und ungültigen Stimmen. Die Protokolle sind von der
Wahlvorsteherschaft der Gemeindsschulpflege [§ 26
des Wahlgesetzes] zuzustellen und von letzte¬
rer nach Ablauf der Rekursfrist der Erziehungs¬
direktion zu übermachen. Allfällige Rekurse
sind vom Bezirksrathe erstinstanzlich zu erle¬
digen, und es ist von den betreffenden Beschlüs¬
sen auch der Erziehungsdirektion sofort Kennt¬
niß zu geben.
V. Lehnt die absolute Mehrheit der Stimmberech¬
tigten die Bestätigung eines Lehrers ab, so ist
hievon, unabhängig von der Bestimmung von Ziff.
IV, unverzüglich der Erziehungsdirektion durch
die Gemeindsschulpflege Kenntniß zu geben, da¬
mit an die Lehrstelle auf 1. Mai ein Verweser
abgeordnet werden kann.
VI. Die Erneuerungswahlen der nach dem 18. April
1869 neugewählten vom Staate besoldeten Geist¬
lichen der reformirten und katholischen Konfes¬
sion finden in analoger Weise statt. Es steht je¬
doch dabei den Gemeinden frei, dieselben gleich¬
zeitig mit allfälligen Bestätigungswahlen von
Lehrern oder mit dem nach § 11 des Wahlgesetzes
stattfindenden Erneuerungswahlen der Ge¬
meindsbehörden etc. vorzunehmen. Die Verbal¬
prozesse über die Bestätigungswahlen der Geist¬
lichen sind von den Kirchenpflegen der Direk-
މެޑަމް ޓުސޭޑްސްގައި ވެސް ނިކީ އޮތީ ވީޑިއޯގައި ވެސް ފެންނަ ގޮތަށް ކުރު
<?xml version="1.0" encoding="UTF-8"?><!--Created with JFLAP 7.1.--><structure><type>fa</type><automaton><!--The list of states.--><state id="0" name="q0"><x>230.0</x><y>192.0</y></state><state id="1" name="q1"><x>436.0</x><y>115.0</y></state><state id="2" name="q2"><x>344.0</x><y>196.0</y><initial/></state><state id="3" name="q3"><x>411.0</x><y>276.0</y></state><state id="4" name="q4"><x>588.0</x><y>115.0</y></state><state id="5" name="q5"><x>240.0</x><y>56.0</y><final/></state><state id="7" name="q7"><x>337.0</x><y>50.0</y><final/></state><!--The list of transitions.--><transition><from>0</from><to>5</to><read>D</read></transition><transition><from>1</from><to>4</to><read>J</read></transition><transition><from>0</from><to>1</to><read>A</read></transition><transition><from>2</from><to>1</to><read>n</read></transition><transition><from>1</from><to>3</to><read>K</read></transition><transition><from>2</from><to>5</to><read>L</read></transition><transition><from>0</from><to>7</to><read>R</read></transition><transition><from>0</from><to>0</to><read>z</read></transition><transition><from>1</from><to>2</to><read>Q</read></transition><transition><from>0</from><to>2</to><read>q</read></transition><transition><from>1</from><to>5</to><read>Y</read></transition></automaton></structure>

Instructions to follow: Here the job is to output the lines from the start of the material through the line with "މެޑަމް ޓުސޭޑްސްގައި ވެސް", inclusive, exactly and with nothing else.

Answer section:
und ungültigen Stimmen. Die Protokolle sind von der
Wahlvorsteherschaft der Gemeindsschulpflege [§ 26
des Wahlgesetzes] zuzustellen und von letzte¬
rer nach Ablauf der Rekursfrist der Erziehungs¬
direktion zu übermachen. Allfällige Rekurse
sind vom Bezirksrathe erstinstanzlich zu erle¬
digen, und es ist von den betreffenden Beschlüs¬
sen auch der Erziehungsdirektion sofort Kennt¬
niß zu geben.
V. Lehnt die absolute Mehrheit der Stimmberech¬
tigten die Bestätigung eines Lehrers ab, so ist
hievon, unabhängig von der Bestimmung von Ziff.
IV, unverzüglich der Erziehungsdirektion durch
die Gemeindsschulpflege Kenntniß zu geben, da¬
mit an die Lehrstelle auf 1. Mai ein Verweser
abgeordnet werden kann.
VI. Die Erneuerungswahlen der nach dem 18. April
1869 neugewählten vom Staate besoldeten Geist¬
lichen der reformirten und katholischen Konfes¬
sion finden in analoger Weise statt. Es steht je¬
doch dabei den Gemeinden frei, dieselben gleich¬
zeitig mit allfälligen Bestätigungswahlen von
Lehrern oder mit dem nach § 11 des Wahlgesetzes
stattfindenden Erneuerungswahlen der Ge¬
meindsbehörden etc. vorzunehmen. Die Verbal¬
prozesse über die Bestätigungswahlen der Geist¬
lichen sind von den Kirchenpflegen der Direk-
މެޑަމް ޓުސޭޑްސްގައި ވެސް ނިކީ އޮތީ ވީޑިއޯގައި ވެސް ފެންނަ ގޮތަށް ކުރު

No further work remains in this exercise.